===== Records for processing
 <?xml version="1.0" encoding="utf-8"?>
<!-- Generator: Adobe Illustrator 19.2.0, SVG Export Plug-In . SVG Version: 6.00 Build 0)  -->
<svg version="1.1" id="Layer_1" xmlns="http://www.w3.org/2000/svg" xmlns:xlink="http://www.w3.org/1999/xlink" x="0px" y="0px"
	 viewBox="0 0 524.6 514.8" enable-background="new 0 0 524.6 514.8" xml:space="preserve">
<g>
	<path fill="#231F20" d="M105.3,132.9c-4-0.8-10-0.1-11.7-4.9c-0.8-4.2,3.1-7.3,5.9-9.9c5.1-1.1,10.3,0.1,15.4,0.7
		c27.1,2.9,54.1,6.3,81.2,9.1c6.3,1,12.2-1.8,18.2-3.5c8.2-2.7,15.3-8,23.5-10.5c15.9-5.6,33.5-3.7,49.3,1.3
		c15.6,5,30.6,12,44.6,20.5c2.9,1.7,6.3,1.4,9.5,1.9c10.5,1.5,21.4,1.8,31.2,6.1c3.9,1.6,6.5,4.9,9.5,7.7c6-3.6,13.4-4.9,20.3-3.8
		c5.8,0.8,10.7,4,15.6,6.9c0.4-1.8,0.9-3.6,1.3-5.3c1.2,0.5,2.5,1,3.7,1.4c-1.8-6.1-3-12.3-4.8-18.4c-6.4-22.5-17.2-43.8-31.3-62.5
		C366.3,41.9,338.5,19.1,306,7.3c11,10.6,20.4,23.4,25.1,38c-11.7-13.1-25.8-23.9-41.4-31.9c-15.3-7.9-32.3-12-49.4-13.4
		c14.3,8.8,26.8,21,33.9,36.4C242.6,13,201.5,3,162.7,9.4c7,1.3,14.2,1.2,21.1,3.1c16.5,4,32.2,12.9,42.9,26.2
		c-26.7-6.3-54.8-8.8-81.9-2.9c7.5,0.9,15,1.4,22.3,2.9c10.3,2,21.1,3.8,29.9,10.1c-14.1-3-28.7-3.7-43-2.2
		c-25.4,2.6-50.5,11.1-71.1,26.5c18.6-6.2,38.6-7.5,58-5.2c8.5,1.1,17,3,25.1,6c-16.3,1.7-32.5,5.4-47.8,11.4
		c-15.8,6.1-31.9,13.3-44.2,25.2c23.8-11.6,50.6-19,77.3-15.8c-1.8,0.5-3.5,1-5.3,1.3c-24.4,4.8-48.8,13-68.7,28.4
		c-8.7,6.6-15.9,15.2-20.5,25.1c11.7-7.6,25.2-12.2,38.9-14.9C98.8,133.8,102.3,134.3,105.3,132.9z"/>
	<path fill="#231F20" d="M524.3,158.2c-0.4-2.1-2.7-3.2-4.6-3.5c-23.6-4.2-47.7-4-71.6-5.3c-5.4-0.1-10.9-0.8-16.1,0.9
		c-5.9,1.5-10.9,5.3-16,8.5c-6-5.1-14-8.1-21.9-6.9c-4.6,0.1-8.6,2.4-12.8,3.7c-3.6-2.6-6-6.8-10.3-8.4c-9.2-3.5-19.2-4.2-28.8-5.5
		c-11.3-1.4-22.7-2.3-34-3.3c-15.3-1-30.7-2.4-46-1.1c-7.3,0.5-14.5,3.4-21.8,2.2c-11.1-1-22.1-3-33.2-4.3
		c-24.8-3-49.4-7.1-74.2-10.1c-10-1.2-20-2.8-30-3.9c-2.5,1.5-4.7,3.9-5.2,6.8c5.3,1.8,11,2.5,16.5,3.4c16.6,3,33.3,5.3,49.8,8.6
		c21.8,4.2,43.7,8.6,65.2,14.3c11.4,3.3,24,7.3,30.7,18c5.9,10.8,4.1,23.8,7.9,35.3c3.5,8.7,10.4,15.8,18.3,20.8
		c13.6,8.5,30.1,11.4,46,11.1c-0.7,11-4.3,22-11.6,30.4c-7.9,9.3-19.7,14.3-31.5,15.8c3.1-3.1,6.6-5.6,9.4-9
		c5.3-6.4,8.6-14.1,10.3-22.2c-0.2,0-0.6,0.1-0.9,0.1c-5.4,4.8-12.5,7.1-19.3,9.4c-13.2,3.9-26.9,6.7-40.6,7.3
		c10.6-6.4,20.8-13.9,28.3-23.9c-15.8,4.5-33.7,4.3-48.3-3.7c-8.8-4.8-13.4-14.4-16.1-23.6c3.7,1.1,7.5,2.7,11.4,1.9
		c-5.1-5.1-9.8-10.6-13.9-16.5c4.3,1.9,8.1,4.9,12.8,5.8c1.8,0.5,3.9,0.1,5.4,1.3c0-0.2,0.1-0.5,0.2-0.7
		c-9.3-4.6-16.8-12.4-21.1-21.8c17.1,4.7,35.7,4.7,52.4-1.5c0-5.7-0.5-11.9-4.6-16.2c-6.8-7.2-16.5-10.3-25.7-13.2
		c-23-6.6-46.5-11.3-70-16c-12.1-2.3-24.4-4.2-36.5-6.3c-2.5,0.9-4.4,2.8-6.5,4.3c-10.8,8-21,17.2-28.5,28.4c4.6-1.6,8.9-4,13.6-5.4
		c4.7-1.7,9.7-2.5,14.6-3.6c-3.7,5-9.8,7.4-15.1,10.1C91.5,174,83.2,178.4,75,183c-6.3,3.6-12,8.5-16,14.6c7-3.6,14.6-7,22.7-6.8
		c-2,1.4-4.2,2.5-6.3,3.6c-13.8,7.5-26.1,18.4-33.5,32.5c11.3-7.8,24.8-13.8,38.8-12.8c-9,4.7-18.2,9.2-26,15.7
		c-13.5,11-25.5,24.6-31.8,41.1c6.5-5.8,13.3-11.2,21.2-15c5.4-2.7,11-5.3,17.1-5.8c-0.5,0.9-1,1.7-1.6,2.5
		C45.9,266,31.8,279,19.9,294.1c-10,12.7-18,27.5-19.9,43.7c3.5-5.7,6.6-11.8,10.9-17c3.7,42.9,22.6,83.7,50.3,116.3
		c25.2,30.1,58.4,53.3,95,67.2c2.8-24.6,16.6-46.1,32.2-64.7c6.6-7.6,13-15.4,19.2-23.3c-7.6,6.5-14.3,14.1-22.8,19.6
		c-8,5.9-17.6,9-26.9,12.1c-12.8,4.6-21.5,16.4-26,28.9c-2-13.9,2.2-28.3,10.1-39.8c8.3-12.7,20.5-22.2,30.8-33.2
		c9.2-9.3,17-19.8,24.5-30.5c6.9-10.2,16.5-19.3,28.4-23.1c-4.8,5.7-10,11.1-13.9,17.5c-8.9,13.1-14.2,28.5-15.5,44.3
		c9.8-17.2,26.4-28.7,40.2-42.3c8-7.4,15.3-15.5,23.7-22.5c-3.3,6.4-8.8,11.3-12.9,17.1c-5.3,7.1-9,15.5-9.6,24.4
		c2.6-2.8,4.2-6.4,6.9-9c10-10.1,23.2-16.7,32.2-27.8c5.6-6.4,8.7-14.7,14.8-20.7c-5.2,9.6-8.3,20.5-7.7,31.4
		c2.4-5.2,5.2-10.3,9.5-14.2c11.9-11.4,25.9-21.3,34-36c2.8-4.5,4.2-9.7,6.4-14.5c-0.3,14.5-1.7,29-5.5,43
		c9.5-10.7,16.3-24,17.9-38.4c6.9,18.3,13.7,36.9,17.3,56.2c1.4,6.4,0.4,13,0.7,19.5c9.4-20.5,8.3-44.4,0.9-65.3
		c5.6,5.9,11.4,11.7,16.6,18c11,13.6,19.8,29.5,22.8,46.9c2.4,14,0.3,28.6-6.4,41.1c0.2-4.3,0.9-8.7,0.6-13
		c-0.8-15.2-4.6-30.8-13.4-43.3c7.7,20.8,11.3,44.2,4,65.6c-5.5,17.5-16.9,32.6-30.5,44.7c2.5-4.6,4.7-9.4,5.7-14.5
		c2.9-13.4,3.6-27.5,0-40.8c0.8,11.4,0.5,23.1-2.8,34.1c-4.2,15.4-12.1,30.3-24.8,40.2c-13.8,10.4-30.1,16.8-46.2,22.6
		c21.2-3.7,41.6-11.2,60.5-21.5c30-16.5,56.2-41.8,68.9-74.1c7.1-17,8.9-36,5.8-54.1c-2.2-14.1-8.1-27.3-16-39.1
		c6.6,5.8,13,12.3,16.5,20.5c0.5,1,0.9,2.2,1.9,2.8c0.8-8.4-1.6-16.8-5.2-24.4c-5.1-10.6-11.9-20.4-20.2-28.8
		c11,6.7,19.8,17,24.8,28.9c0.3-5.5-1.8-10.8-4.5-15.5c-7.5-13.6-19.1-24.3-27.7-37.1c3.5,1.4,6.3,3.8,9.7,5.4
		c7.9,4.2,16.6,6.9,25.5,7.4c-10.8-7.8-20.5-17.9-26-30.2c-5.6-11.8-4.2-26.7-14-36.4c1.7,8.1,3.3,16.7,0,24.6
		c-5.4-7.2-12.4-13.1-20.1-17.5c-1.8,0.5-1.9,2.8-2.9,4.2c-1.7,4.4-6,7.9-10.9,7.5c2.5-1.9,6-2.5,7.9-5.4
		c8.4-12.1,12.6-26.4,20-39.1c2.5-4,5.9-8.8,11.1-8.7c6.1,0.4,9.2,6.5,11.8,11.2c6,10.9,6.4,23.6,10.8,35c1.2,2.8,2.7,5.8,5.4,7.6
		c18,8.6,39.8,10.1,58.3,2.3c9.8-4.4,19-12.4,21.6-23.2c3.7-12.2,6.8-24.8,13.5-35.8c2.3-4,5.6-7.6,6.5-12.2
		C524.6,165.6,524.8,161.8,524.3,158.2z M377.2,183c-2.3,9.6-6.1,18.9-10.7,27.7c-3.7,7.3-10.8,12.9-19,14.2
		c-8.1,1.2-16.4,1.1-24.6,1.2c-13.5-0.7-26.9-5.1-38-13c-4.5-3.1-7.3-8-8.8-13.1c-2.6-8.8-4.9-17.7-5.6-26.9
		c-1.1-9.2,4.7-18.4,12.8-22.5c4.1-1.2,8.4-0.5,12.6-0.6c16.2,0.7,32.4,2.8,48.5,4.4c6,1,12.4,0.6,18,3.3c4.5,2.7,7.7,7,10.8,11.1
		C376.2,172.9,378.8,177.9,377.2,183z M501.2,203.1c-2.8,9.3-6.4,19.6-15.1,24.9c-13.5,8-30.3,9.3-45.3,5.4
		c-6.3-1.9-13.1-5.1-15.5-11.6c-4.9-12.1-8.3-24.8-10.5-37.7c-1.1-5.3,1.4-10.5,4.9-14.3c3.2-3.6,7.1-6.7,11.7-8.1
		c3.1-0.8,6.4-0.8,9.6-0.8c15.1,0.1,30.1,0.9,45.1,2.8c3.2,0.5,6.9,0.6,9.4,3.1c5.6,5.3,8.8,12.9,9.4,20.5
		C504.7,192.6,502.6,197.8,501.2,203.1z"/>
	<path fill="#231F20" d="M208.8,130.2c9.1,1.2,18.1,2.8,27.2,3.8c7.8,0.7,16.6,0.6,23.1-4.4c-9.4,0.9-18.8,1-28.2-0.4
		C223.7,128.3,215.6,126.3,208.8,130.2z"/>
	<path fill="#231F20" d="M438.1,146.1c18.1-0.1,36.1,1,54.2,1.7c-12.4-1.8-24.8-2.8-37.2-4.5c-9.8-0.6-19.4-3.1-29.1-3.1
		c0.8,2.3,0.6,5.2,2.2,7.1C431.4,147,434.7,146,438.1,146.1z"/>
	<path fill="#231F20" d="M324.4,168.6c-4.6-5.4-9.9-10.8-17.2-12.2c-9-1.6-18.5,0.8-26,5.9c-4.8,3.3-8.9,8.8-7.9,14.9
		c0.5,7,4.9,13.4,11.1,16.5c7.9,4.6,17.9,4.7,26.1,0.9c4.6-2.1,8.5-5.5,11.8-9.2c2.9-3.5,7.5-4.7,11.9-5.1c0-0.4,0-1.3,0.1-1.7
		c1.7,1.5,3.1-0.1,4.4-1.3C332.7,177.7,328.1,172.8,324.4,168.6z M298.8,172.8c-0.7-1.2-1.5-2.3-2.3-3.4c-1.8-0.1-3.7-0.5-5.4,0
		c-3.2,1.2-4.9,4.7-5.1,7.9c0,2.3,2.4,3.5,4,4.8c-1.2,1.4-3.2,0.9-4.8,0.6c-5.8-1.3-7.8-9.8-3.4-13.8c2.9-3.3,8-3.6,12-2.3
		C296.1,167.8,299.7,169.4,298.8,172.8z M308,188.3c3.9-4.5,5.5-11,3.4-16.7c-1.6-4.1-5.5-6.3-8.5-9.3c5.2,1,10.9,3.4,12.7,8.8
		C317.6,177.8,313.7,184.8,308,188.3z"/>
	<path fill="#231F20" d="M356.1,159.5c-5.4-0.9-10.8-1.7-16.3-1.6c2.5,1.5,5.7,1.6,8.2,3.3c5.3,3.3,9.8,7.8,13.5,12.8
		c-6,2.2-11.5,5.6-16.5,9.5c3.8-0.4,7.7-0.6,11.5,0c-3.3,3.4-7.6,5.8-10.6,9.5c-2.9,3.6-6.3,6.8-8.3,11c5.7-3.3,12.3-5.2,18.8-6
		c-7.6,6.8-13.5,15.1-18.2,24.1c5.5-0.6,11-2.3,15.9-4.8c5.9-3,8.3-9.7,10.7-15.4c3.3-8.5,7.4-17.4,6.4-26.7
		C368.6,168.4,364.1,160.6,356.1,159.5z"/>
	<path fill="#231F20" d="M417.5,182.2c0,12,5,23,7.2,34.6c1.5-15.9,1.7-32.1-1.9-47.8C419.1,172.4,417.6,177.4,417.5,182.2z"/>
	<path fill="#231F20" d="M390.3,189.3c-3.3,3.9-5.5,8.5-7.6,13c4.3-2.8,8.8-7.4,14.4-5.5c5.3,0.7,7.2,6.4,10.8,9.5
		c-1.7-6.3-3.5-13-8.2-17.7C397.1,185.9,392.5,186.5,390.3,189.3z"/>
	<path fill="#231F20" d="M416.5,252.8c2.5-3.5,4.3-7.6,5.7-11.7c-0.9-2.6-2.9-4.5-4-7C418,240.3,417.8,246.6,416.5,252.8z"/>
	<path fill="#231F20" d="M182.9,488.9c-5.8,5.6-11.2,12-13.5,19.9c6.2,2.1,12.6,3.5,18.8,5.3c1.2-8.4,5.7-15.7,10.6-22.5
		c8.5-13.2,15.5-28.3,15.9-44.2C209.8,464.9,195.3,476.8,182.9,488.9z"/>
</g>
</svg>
==========
> Work to complete: Say how many lines of the data above have the string "fill" in them, and write nothing besides that number.

> Task solution: 10